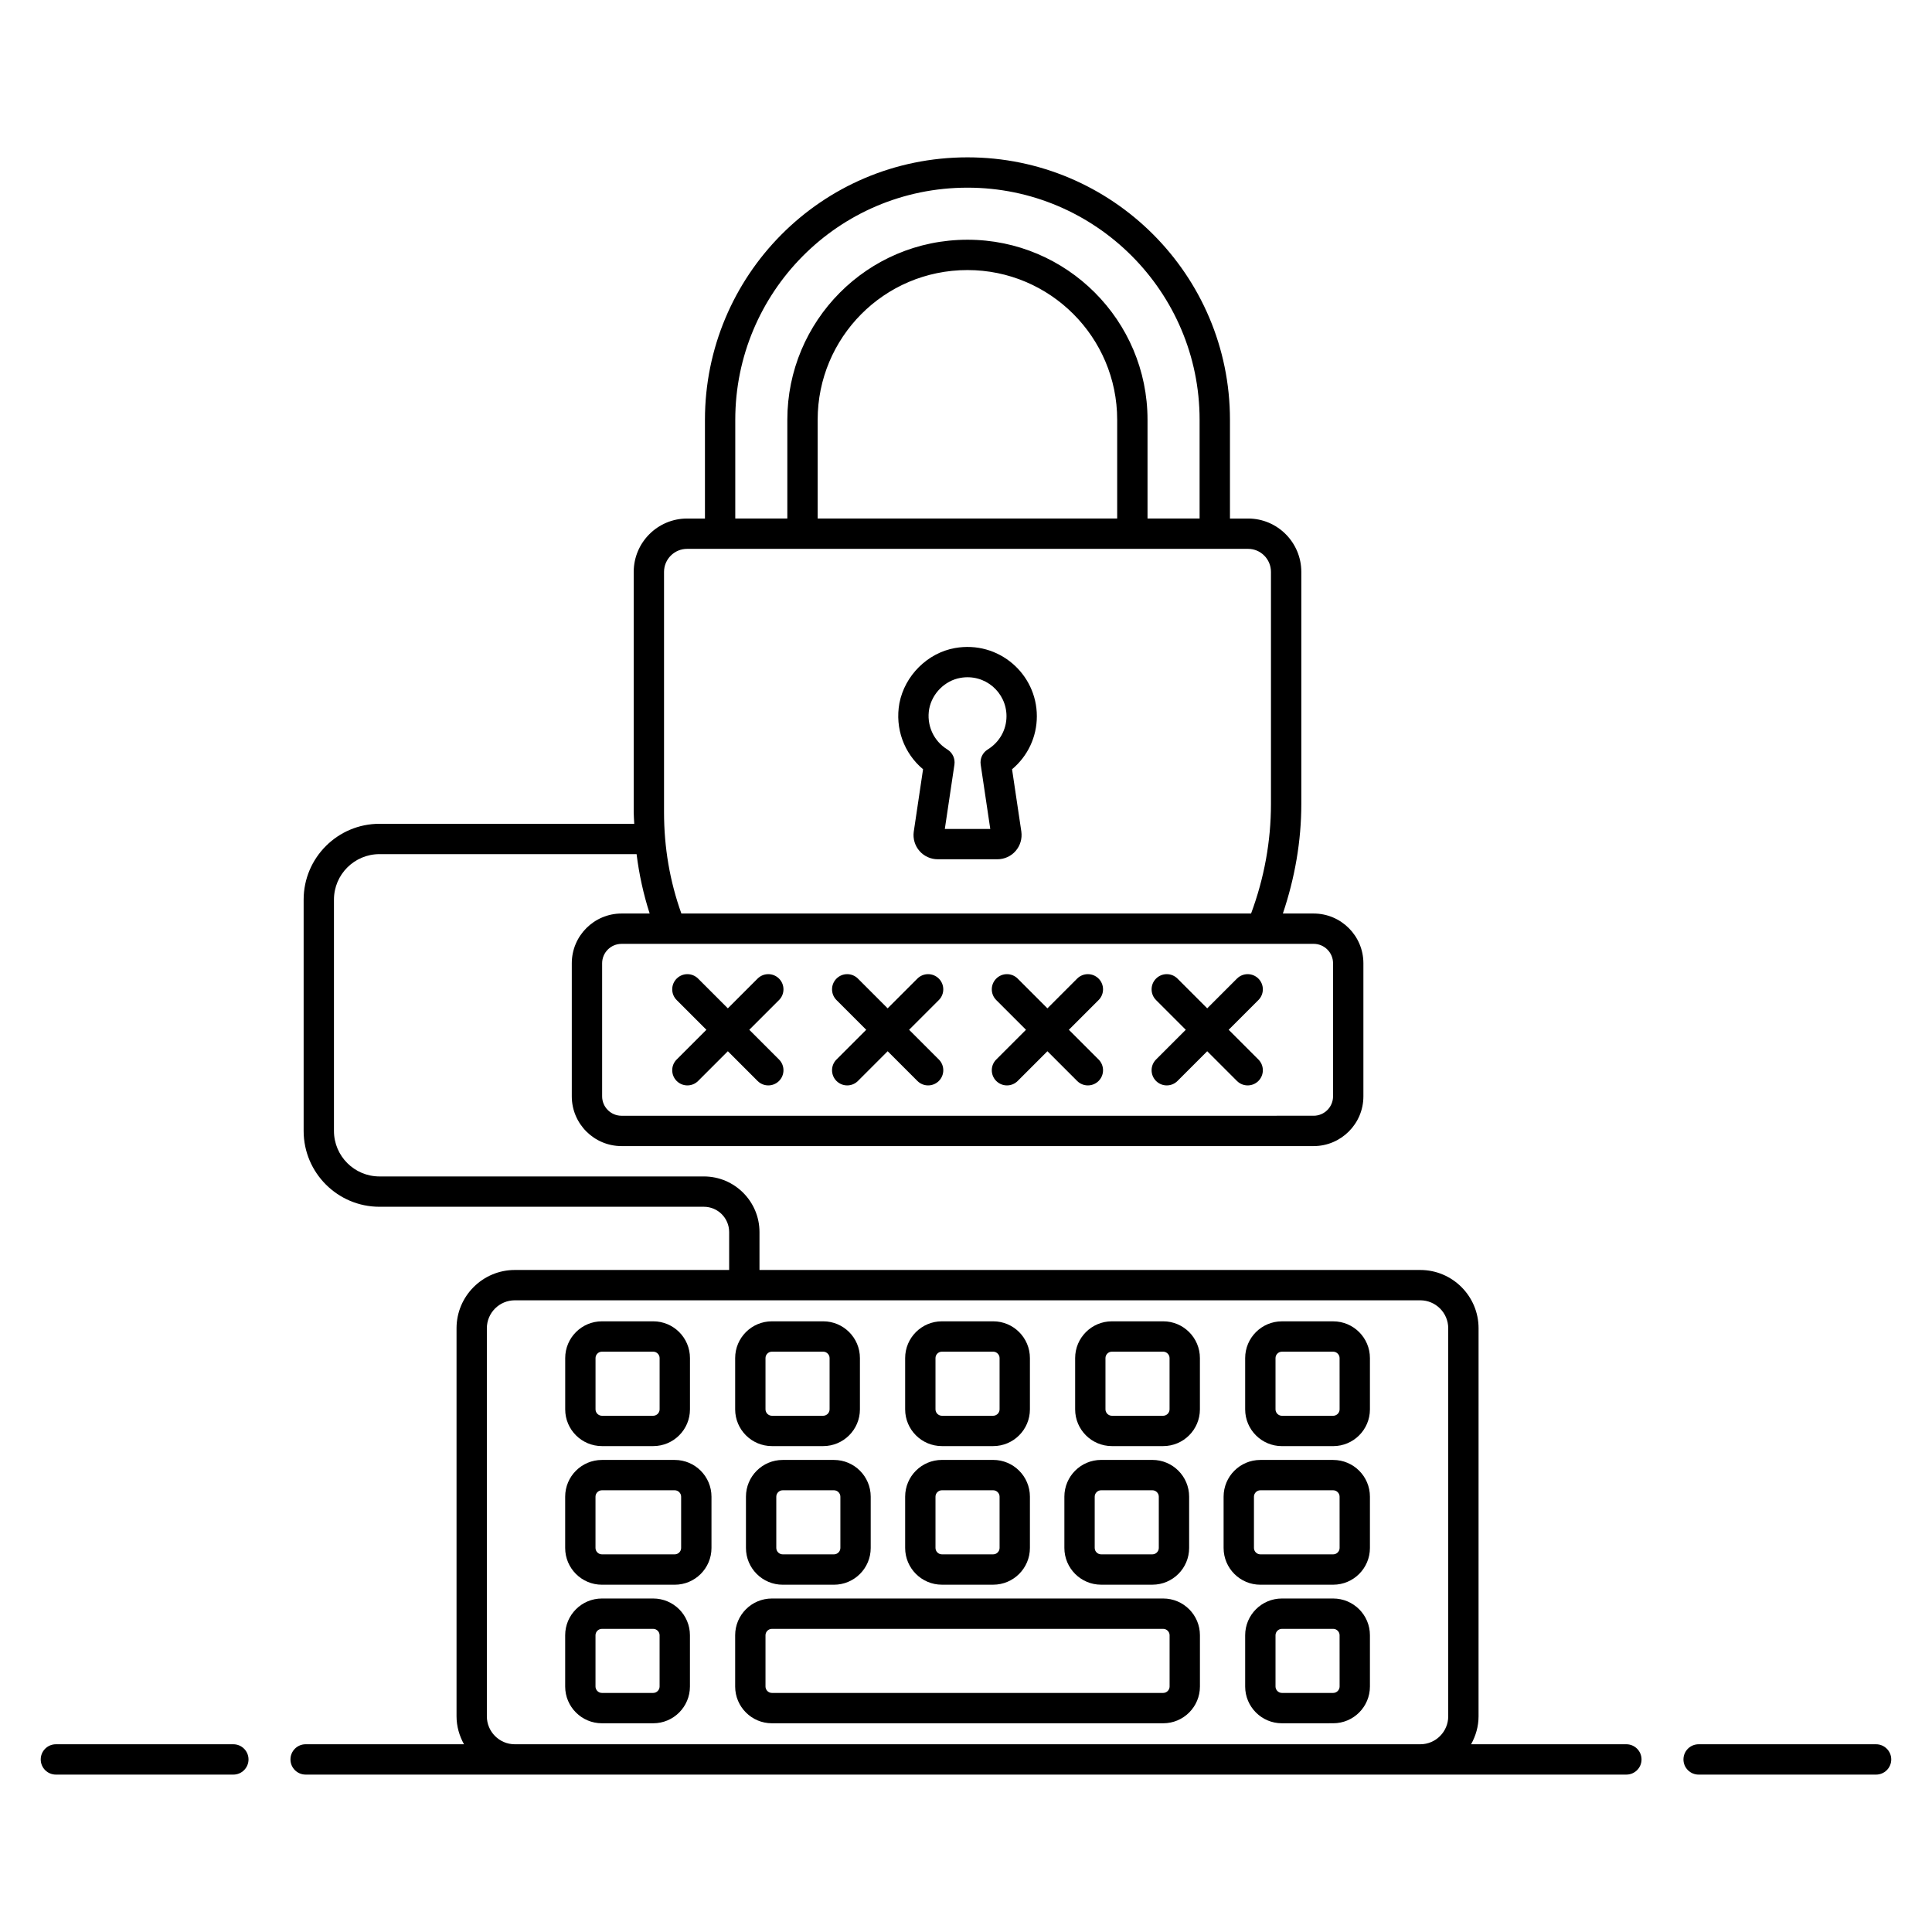 <?xml version="1.0" encoding="UTF-8"?>
<!-- Uploaded to: ICON Repo, www.svgrepo.com, Generator: ICON Repo Mixer Tools -->
<svg fill="#000000" width="800px" height="800px" version="1.1" viewBox="144 144 512 512" xmlns="http://www.w3.org/2000/svg">
 <g>
  <path d="m641.18 606.25h-47.027c-2.219 0-4.019 1.801-4.019 4.019s1.801 4.019 4.019 4.019h47.027c2.219 0 4.019-1.801 4.019-4.019s-1.801-4.019-4.019-4.019z"/>
  <path d="m205.84 606.25h-47.027c-2.219 0-4.019 1.801-4.019 4.019s1.801 4.019 4.019 4.019h47.027c2.219 0 4.019-1.801 4.019-4.019s-1.801-4.019-4.019-4.019z"/>
  <path d="m575 606.25h-41.145c1.223-2.211 1.977-4.711 1.977-7.406l0.004-102.84c0-8.516-6.93-15.445-15.445-15.445h-175.12v-10.051c0-8.125-6.609-14.738-14.738-14.738h-85.973c-6.648 0-12.059-5.41-12.059-12.059v-61.297c0-6.648 5.41-12.059 12.059-12.059h68.141c0.668 5.375 1.82 10.629 3.465 15.738h-7.453c-7.269 0-13.184 5.914-13.184 13.184v35.266c0 7.269 5.914 13.184 13.184 13.184h183.41c7.273 0 13.191-5.914 13.191-13.184v-35.266c0-7.269-5.914-13.184-13.191-13.184h-8.148c3.18-9.449 4.887-19.188 4.887-29.051v-61.477c0-7.801-6.324-14.148-14.094-14.148h-4.816v-26.184c0-38.344-31.195-69.535-69.539-69.535-38.898 0-69.594 31.555-69.594 69.535v26.184h-4.731c-7.797 0-14.148 6.348-14.148 14.148v63.727c0 1.016 0.105 2.012 0.141 3.019l-67.516 0.004c-11.082 0-20.098 9.016-20.098 20.098v61.297c0 11.082 9.02 20.098 20.098 20.098h85.969c3.695 0 6.699 3.004 6.699 6.699v10.051h-56.801c-8.516 0-15.445 6.93-15.445 15.445v102.84c0 2.695 0.758 5.195 1.977 7.406h-41.969c-2.219 0-4.019 1.801-4.019 4.019s1.801 4.019 4.019 4.019h350.01c2.219 0 4.019-1.801 4.019-4.019-0.004-2.219-1.805-4.019-4.023-4.019zm-82.875-212.12c2.844 0 5.148 2.309 5.148 5.144v35.266c0 2.836-2.309 5.144-5.148 5.144l-183.41 0.004c-2.836 0-5.144-2.309-5.144-5.144v-35.266c0-2.836 2.309-5.144 5.144-5.144h13.078l156.5-0.004zm-153.27-138.9c0-33.598 27.148-61.496 61.551-61.496 33.91 0 61.5 27.59 61.5 61.496v26.184h-13.801v-26.184c0-26.301-21.398-47.699-47.699-47.699-26.676 0-47.754 21.629-47.754 47.699v26.184h-13.797zm101.21 0v26.184h-79.375v-26.184c0-21.652 17.5-39.66 39.715-39.66 21.871 0.004 39.66 17.793 39.66 39.66zm-120.09 40.332c0-3.367 2.742-6.109 6.109-6.109h148.68c3.34 0 6.055 2.738 6.055 6.109v61.477c0 9.875-1.773 19.633-5.269 29.051h-150.98c-3.051-8.504-4.594-17.504-4.594-26.797zm207.82 303.28c0 4.082-3.324 7.406-7.406 7.406h-239.96c-4.082 0-7.406-3.324-7.406-7.406v-102.84c0-4.082 3.324-7.406 7.406-7.406h239.96c4.082 0 7.406 3.324 7.406 7.406z"/>
  <path d="m350.45 403.34c-1.57-1.57-4.113-1.57-5.684 0l-7.879 7.879-7.879-7.879c-1.57-1.57-4.113-1.57-5.684 0-1.57 1.57-1.57 4.113 0 5.684l7.879 7.879-7.879 7.879c-1.57 1.57-1.57 4.113 0 5.684 1.57 1.57 4.113 1.57 5.684 0l7.879-7.879 7.879 7.879c1.57 1.57 4.113 1.57 5.684 0 1.57-1.57 1.57-4.113 0-5.684l-7.879-7.879 7.879-7.879c1.57-1.566 1.57-4.113 0-5.684z"/>
  <path d="m392.8 403.34c-1.57-1.57-4.113-1.57-5.684 0l-7.879 7.879-7.875-7.879c-1.57-1.57-4.113-1.57-5.684 0-1.57 1.57-1.57 4.113 0 5.684l7.879 7.879-7.879 7.879c-1.57 1.57-1.57 4.113 0 5.684 1.57 1.57 4.113 1.57 5.684 0l7.879-7.879 7.879 7.879c1.57 1.57 4.113 1.57 5.684 0 1.57-1.57 1.57-4.113 0-5.684l-7.879-7.879 7.879-7.879c1.566-1.566 1.566-4.113-0.004-5.684z"/>
  <path d="m435.14 403.34c-1.57-1.57-4.113-1.57-5.684 0l-7.879 7.879-7.879-7.879c-1.57-1.57-4.113-1.57-5.684 0-1.57 1.57-1.57 4.113 0 5.684l7.879 7.879-7.879 7.879c-1.57 1.57-1.57 4.113 0 5.684 1.57 1.57 4.113 1.57 5.684 0l7.879-7.879 7.879 7.879c1.57 1.57 4.113 1.57 5.684 0 1.57-1.57 1.57-4.113 0-5.684l-7.879-7.879 7.879-7.879c1.57-1.566 1.57-4.113 0-5.684z"/>
  <path d="m477.49 403.34c-1.57-1.57-4.113-1.57-5.684 0l-7.879 7.879-7.879-7.879c-1.57-1.57-4.113-1.57-5.684 0-1.57 1.57-1.57 4.113 0 5.684l7.879 7.879-7.879 7.879c-1.57 1.57-1.57 4.113 0 5.684 1.57 1.57 4.113 1.57 5.684 0l7.879-7.879 7.879 7.879c1.57 1.57 4.113 1.57 5.684 0 1.57-1.57 1.57-4.113 0-5.684l-7.879-7.879 7.879-7.879c1.57-1.566 1.57-4.113 0-5.684z"/>
  <path d="m303.52 527.23h13.594c5.371 0 9.734-4.367 9.734-9.734v-13.598c0-5.367-4.363-9.734-9.734-9.734h-13.594c-5.371 0-9.734 4.363-9.734 9.734v13.598c-0.004 5.367 4.363 9.734 9.734 9.734zm-1.699-23.332c0-0.918 0.773-1.691 1.695-1.691h13.594c0.922 0 1.695 0.773 1.695 1.691v13.598c0 0.918-0.773 1.695-1.695 1.695h-13.594c-0.922 0-1.695-0.777-1.695-1.695z"/>
  <path d="m348.56 527.23h13.598c5.363 0 9.73-4.367 9.73-9.734v-13.598c0-5.367-4.363-9.734-9.73-9.734h-13.598c-5.371 0-9.734 4.363-9.734 9.734v13.598c0 5.367 4.363 9.734 9.734 9.734zm-1.695-23.332c0-0.918 0.773-1.691 1.695-1.691h13.598c0.914 0 1.691 0.773 1.691 1.691v13.598c0 0.918-0.773 1.695-1.691 1.695h-13.598c-0.922 0-1.695-0.777-1.695-1.695z"/>
  <path d="m393.61 527.23h13.598c5.363 0 9.73-4.367 9.73-9.734v-13.598c0-5.367-4.363-9.734-9.73-9.734h-13.598c-5.371 0-9.734 4.363-9.734 9.734v13.598c0 5.367 4.363 9.734 9.734 9.734zm-1.695-23.332c0-0.918 0.773-1.691 1.695-1.691h13.598c0.914 0 1.691 0.773 1.691 1.691v13.598c0 0.918-0.773 1.695-1.691 1.695h-13.598c-0.922 0-1.695-0.777-1.695-1.695z"/>
  <path d="m438.66 527.23h13.598c5.363 0 9.73-4.367 9.73-9.734v-13.598c0-5.367-4.363-9.734-9.73-9.734h-13.598c-5.371 0-9.734 4.363-9.734 9.734v13.598c-0.004 5.367 4.363 9.734 9.734 9.734zm-1.699-23.332c0-0.918 0.773-1.691 1.695-1.691h13.598c0.914 0 1.691 0.773 1.691 1.691v13.598c0 0.918-0.773 1.695-1.691 1.695h-13.598c-0.922 0-1.695-0.777-1.695-1.695z"/>
  <path d="m497.31 494.17h-13.598c-5.363 0-9.73 4.363-9.73 9.734v13.598c0 5.367 4.363 9.734 9.73 9.734h13.598c5.371 0 9.734-4.367 9.734-9.734v-13.598c0.004-5.367-4.363-9.734-9.734-9.734zm1.699 23.332c0 0.918-0.773 1.695-1.695 1.695h-13.598c-0.914 0-1.691-0.777-1.691-1.695v-13.598c0-0.918 0.773-1.691 1.691-1.691h13.594c0.922 0 1.695 0.773 1.695 1.691z"/>
  <path d="m322.82 530.9h-19.309c-5.371 0-9.734 4.363-9.734 9.734v13.598c0 5.367 4.363 9.734 9.734 9.734h19.309c5.363 0 9.73-4.363 9.73-9.734v-13.598c-0.004-5.371-4.367-9.734-9.73-9.734zm1.688 23.328c0 0.918-0.773 1.691-1.691 1.691h-19.309c-0.922 0-1.695-0.773-1.695-1.691v-13.598c0-0.918 0.773-1.691 1.695-1.691h19.309c0.914 0 1.691 0.773 1.691 1.691z"/>
  <path d="m393.61 563.96h13.598c5.363 0 9.73-4.363 9.73-9.734v-13.598c0-5.367-4.363-9.734-9.73-9.734h-13.598c-5.371 0-9.734 4.363-9.734 9.734v13.598c0 5.367 4.363 9.734 9.734 9.734zm-1.695-23.332c0-0.918 0.773-1.691 1.695-1.691h13.598c0.914 0 1.691 0.773 1.691 1.691v13.598c0 0.918-0.773 1.691-1.691 1.691h-13.598c-0.922 0-1.695-0.773-1.695-1.691z"/>
  <path d="m351.42 530.9c-5.371 0-9.734 4.363-9.734 9.734v13.598c0 5.367 4.363 9.734 9.734 9.734h13.594c5.371 0 9.734-4.363 9.734-9.734v-13.598c0-5.367-4.363-9.734-9.734-9.734zm15.289 9.73v13.598c0 0.918-0.773 1.691-1.695 1.691h-13.594c-0.922 0-1.695-0.773-1.695-1.691v-13.598c0-0.918 0.773-1.691 1.695-1.691h13.594c0.918 0 1.695 0.773 1.695 1.691z"/>
  <path d="m435.8 563.96h13.598c5.371 0 9.734-4.363 9.734-9.734v-13.598c0-5.367-4.363-9.734-9.734-9.734h-13.598c-5.363 0-9.73 4.363-9.73 9.734v13.598c0 5.367 4.367 9.734 9.73 9.734zm-1.691-23.332c0-0.918 0.773-1.691 1.691-1.691h13.598c0.922 0 1.695 0.773 1.695 1.691v13.598c0 0.918-0.773 1.691-1.695 1.691h-13.598c-0.914 0-1.691-0.773-1.691-1.691z"/>
  <path d="m497.31 530.9h-19.309c-5.371 0-9.734 4.363-9.734 9.734v13.598c0 5.367 4.363 9.734 9.734 9.734l19.309-0.004c5.371 0 9.734-4.363 9.734-9.734v-13.598c0.004-5.367-4.363-9.73-9.734-9.73zm1.699 23.328c0 0.918-0.773 1.691-1.695 1.691h-19.309c-0.922 0-1.695-0.773-1.695-1.691v-13.598c0-0.918 0.773-1.691 1.695-1.691h19.305c0.922 0 1.695 0.773 1.695 1.691z"/>
  <path d="m317.11 567.62h-13.598c-5.371 0-9.734 4.363-9.734 9.734v13.598c0 5.367 4.363 9.734 9.734 9.734h13.598c5.363 0 9.73-4.363 9.73-9.734v-13.598c0-5.367-4.367-9.734-9.73-9.734zm1.688 23.332c0 0.918-0.773 1.691-1.691 1.691h-13.598c-0.922 0-1.695-0.773-1.695-1.691v-13.598c0-0.918 0.773-1.691 1.695-1.691h13.598c0.914 0 1.691 0.773 1.691 1.691z"/>
  <path d="m452.26 567.62h-103.7c-5.371 0-9.734 4.363-9.734 9.734v13.598c0 5.367 4.363 9.734 9.734 9.734h103.7c5.371 0 9.734-4.363 9.734-9.734v-13.598c0.004-5.367-4.363-9.734-9.73-9.734zm1.695 23.332c0 0.918-0.773 1.691-1.695 1.691h-103.7c-0.922 0-1.695-0.773-1.695-1.691v-13.598c0-0.918 0.773-1.691 1.695-1.691h103.7c0.922 0 1.695 0.773 1.695 1.691z"/>
  <path d="m497.31 567.62h-13.598c-5.363 0-9.73 4.363-9.73 9.734v13.598c0 5.367 4.363 9.734 9.73 9.734l13.598-0.004c5.371 0 9.734-4.363 9.734-9.734v-13.598c0.004-5.363-4.363-9.73-9.734-9.73zm1.699 23.332c0 0.918-0.773 1.691-1.695 1.691h-13.598c-0.914 0-1.691-0.773-1.691-1.691v-13.598c0-0.918 0.773-1.691 1.691-1.691l13.594-0.004c0.922 0 1.695 0.773 1.695 1.691z"/>
  <path d="m388.62 347.86-2.469 16.574c-0.25 1.84 0.309 3.695 1.527 5.09 1.215 1.391 2.984 2.191 4.848 2.191h15.777c1.859 0 3.629-0.797 4.84-2.191 1.219-1.395 1.781-3.25 1.523-5.141l-2.461-16.523c4.156-3.477 6.57-8.562 6.57-14.055 0-11.219-10.121-20.105-21.695-18.066-7.254 1.281-13.309 7.273-14.73 14.621-1.211 6.672 1.219 13.273 6.269 17.5zm1.633-16.023c0.789-4.102 4.176-7.465 8.234-8.184 6.555-1.184 12.246 3.824 12.246 10.148 0 3.602-1.859 6.894-4.973 8.816-1.371 0.844-2.106 2.422-1.867 4.012l2.539 17.047h-12.043l2.543-17.047c0.234-1.594-0.504-3.176-1.879-4.016-3.691-2.266-5.574-6.516-4.801-10.777z"/>
 </g>
</svg>

§ TASK INSTRUCTIONS: All lines above between those holding "563.96h13.598c5.371 0 9.734-4.363" and "9.734 9.734 9.734l19.309-0.004c5.371", inclusive, must be set down unchanged, and no other line may be included.

§ EXERCISE OUTPUT:
  <path d="m435.8 563.96h13.598c5.371 0 9.734-4.363 9.734-9.734v-13.598c0-5.367-4.363-9.734-9.734-9.734h-13.598c-5.363 0-9.73 4.363-9.73 9.734v13.598c0 5.367 4.367 9.734 9.73 9.734zm-1.691-23.332c0-0.918 0.773-1.691 1.691-1.691h13.598c0.922 0 1.695 0.773 1.695 1.691v13.598c0 0.918-0.773 1.691-1.695 1.691h-13.598c-0.914 0-1.691-0.773-1.691-1.691z"/>
  <path d="m497.31 530.9h-19.309c-5.371 0-9.734 4.363-9.734 9.734v13.598c0 5.367 4.363 9.734 9.734 9.734l19.309-0.004c5.371 0 9.734-4.363 9.734-9.734v-13.598c0.004-5.367-4.363-9.73-9.734-9.73zm1.699 23.328c0 0.918-0.773 1.691-1.695 1.691h-19.309c-0.922 0-1.695-0.773-1.695-1.691v-13.598c0-0.918 0.773-1.691 1.695-1.691h19.305c0.922 0 1.695 0.773 1.695 1.691z"/>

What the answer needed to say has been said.